Friday, February 18, 2011

Phasing Out Fannie & Freddie

The Obama Administration called for the phasing out of Fannie Mae & Freddie Mac last Friday, via a process that will likely last the better part of the next decade. The two agencies, which have received over $153 billion in bailout dollars since the government took them over due to the real estate collapse in 2008, have been rightly criticized by both sides of the aisle for poor management/decision making before and after the collapse.

As someone who has been very outspoken about these two companies, I have mixed feelings about the announcement.

On one hand, I agree with some of the points made in an column posted on The Huffington Post on 2.10.11, discussing why there is a need for organizations that provide mortgages to lower and middle class families, backed by the federal government.

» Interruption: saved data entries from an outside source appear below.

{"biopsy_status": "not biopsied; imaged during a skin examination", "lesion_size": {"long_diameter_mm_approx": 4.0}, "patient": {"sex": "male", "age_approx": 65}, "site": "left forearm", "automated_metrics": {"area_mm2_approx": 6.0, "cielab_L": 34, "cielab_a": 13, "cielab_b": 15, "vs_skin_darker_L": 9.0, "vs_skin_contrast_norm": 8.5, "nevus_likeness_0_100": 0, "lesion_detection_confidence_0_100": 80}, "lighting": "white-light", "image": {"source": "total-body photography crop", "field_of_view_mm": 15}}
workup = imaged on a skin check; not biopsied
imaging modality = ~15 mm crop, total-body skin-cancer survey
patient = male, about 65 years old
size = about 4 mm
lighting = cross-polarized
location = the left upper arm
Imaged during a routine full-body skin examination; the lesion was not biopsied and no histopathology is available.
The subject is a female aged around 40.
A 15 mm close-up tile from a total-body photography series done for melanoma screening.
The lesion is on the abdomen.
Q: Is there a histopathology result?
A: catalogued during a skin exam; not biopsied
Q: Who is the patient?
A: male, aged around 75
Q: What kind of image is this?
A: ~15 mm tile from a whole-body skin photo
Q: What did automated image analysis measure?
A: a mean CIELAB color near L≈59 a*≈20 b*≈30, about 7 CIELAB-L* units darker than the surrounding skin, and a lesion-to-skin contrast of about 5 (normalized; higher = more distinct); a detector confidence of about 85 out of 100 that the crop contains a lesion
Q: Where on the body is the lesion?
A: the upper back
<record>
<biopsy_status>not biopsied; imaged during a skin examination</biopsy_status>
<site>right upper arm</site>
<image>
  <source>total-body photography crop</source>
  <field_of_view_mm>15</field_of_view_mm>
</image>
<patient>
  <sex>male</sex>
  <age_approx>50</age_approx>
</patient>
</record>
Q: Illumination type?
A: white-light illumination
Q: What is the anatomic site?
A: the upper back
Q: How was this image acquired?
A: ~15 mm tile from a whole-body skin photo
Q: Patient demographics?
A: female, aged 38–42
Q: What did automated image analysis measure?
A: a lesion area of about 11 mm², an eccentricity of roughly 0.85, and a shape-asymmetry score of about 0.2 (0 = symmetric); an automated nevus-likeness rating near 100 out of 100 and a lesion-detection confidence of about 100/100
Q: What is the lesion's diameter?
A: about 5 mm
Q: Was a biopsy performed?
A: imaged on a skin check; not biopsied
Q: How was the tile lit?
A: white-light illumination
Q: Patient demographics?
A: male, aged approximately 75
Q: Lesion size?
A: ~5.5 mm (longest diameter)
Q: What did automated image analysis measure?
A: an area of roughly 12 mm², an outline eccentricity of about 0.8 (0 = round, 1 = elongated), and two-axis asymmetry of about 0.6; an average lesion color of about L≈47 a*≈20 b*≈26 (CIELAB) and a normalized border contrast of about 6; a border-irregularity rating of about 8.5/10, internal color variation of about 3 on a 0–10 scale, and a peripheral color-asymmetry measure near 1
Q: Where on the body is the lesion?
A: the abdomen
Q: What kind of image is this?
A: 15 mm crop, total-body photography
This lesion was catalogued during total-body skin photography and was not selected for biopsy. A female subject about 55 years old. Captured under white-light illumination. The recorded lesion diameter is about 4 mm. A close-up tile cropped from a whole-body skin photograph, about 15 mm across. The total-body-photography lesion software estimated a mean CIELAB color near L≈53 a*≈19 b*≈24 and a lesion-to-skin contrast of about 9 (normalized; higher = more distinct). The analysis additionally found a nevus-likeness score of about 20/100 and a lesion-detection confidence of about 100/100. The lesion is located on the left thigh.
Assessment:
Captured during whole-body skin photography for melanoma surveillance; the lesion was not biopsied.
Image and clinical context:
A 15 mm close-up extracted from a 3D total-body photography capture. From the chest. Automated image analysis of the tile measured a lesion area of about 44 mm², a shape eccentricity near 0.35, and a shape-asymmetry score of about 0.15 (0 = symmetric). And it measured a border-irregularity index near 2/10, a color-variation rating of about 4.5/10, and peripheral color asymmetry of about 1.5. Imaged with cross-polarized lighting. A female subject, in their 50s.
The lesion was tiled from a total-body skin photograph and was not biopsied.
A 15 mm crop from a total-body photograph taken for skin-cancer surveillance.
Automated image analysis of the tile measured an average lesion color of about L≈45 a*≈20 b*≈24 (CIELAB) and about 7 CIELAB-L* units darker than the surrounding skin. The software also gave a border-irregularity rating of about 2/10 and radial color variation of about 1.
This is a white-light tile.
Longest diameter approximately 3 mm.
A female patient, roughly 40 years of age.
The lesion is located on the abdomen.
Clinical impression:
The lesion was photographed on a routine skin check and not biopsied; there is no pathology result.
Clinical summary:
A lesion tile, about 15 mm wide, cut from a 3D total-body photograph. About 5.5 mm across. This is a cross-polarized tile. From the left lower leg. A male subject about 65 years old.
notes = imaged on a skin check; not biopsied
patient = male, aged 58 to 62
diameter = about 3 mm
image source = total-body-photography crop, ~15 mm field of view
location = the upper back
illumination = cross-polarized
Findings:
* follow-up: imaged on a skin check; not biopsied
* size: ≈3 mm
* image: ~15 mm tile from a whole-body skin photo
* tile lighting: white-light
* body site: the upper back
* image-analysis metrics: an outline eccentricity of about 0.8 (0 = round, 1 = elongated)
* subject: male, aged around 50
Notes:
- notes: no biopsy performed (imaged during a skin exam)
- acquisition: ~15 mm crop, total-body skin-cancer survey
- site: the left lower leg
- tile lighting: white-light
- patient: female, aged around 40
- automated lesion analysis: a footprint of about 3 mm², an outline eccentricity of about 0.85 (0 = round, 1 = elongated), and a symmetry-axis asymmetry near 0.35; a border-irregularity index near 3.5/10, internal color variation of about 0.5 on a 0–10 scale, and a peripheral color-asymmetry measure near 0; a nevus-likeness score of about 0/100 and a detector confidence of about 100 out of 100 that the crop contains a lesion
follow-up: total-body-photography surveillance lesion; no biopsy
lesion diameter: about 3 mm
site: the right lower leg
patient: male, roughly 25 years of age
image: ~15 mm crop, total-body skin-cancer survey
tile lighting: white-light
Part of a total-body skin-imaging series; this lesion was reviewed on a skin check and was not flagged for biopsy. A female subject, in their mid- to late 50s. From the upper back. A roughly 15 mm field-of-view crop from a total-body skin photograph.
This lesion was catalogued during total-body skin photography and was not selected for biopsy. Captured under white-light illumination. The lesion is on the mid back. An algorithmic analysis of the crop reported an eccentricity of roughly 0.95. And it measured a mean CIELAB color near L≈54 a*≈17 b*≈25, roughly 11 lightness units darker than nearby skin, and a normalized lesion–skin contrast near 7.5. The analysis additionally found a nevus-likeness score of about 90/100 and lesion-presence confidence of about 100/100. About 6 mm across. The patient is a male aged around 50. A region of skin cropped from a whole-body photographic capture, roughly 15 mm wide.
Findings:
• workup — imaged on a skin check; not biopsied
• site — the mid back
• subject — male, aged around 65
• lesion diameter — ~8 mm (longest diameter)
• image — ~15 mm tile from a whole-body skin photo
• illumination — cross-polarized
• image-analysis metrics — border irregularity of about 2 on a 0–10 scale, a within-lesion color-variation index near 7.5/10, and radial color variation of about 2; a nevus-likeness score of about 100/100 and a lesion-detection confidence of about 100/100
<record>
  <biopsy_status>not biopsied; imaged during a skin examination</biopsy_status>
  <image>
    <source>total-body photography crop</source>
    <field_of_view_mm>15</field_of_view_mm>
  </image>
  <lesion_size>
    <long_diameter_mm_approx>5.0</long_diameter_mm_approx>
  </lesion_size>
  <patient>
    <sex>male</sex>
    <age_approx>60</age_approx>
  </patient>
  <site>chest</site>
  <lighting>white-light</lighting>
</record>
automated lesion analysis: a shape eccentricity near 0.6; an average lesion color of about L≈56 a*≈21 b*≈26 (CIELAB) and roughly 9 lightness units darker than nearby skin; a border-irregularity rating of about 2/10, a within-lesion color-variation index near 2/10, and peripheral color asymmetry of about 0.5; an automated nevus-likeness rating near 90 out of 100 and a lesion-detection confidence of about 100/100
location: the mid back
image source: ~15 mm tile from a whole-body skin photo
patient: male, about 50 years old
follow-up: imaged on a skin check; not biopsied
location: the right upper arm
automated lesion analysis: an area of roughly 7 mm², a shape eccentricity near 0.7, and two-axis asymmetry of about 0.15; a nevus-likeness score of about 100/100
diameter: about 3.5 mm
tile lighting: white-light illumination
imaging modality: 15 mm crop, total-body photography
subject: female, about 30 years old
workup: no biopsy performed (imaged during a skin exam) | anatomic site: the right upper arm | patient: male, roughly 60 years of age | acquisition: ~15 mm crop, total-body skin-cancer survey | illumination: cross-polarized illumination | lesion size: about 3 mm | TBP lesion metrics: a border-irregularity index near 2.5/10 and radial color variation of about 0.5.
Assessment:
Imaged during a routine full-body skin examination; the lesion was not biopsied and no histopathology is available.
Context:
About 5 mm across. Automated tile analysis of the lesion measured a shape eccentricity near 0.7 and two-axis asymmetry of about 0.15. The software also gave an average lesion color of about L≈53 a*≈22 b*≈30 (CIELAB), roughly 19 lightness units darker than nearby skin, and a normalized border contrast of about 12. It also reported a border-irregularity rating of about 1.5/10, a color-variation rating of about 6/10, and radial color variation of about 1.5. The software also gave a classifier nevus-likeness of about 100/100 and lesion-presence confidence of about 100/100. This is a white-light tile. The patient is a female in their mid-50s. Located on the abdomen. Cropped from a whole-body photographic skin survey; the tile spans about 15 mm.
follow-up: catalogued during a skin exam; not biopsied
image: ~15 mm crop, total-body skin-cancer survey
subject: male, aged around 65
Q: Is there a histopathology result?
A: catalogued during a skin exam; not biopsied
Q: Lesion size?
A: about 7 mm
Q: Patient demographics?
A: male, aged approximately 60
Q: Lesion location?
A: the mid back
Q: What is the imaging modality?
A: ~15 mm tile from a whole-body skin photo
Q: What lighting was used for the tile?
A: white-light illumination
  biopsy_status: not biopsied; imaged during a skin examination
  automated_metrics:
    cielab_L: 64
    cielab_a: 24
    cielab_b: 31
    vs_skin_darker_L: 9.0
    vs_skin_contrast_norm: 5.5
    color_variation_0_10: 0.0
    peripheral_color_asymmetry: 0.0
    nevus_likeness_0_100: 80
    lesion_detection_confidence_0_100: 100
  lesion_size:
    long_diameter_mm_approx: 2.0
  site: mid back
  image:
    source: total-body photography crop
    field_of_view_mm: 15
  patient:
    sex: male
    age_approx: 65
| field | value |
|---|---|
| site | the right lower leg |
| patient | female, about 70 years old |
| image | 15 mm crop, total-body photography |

The piece goes on to say that by completely privatizing the mortgage market, it would turn the U.S. into “… a nation of renters and [make] home ownership something that only the rich can afford." While renting might be the smart move for the immediate future, it’s not the way to go long term.

Further, privatization would make “too big to fail” banks even larger.

On the other hand, considerable taxpayer money will be saved and frustration spared when Fannie & Freddie are finally put to rest. We see more short sales rejected by Fannie & Freddie than any other lender or investor – deals that are above fair market value, from home owners who have advised not only that they’re going to be forced into foreclosure, but have provided endless documentation showing insolvency. Apparently, taking homes back and spending tens of thousands of dollars to pursue those that have nothing AND are likely candidates for chapter 7 bankruptcy is a better option than working with people, accepting reasonable deals and easing loses.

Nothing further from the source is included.